◆ DATA FOR ANALYSIS ◆
Content starts

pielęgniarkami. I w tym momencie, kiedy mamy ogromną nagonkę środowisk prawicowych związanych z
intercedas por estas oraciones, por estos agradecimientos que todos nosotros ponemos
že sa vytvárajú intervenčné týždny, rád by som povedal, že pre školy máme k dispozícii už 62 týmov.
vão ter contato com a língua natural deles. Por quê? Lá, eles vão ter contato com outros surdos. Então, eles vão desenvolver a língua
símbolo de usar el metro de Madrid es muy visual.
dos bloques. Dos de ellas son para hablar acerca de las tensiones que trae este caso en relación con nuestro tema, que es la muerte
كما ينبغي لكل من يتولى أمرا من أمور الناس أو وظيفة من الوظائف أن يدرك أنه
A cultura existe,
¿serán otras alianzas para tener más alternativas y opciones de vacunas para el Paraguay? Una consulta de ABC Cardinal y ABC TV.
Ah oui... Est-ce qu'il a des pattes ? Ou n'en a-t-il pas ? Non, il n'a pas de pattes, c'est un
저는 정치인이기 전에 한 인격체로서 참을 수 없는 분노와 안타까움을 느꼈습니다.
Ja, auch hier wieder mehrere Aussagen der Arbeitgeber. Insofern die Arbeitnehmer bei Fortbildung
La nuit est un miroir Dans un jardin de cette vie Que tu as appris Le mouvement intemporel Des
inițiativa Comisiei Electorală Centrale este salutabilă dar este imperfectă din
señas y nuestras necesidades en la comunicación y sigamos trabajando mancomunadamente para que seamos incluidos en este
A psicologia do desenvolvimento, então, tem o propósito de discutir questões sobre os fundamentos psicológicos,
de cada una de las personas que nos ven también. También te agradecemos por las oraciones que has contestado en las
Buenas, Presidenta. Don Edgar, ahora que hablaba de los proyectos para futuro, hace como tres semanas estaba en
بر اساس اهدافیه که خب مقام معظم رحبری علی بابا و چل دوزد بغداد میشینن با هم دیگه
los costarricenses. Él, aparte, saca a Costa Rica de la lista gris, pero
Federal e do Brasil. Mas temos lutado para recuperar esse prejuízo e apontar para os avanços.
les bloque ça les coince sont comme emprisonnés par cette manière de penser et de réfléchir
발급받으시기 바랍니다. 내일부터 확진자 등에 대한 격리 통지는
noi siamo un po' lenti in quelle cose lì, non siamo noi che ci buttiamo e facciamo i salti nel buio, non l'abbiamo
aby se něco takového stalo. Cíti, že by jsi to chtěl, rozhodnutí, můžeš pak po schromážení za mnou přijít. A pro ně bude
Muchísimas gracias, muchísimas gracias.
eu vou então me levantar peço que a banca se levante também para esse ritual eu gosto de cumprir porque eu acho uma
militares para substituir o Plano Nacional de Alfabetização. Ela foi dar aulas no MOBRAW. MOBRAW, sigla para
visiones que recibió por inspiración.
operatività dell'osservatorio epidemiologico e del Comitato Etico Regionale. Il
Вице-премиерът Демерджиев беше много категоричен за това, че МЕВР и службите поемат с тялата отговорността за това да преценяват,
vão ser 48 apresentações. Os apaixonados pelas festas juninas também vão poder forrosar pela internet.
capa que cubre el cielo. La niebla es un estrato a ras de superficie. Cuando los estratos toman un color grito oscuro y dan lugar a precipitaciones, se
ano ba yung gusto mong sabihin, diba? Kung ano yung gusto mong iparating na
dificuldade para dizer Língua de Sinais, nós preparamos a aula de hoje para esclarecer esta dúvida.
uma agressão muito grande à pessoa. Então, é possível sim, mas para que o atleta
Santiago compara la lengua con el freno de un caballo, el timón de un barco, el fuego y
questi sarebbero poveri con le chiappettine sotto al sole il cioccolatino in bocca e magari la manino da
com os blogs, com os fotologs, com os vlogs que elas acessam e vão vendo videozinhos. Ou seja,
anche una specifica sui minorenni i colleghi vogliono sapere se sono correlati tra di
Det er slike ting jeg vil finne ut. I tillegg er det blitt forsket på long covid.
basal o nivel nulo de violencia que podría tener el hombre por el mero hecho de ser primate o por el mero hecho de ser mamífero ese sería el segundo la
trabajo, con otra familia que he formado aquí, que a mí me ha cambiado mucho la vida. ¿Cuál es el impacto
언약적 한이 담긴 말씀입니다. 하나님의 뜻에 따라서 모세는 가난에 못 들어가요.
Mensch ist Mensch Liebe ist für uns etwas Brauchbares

Content ends

◆ EXERCISE DIRECTIONS ◆
Which lines run from the one containing "com os blogs, com" through the end of the material? Output them exactly.

◆ TASK ANSWER ◆
com os blogs, com os fotologs, com os vlogs que elas acessam e vão vendo videozinhos. Ou seja,
anche una specifica sui minorenni i colleghi vogliono sapere se sono correlati tra di
Det er slike ting jeg vil finne ut. I tillegg er det blitt forsket på long covid.
basal o nivel nulo de violencia que podría tener el hombre por el mero hecho de ser primate o por el mero hecho de ser mamífero ese sería el segundo la
trabajo, con otra familia que he formado aquí, que a mí me ha cambiado mucho la vida. ¿Cuál es el impacto
언약적 한이 담긴 말씀입니다. 하나님의 뜻에 따라서 모세는 가난에 못 들어가요.
Mensch ist Mensch Liebe ist für uns etwas Brauchbares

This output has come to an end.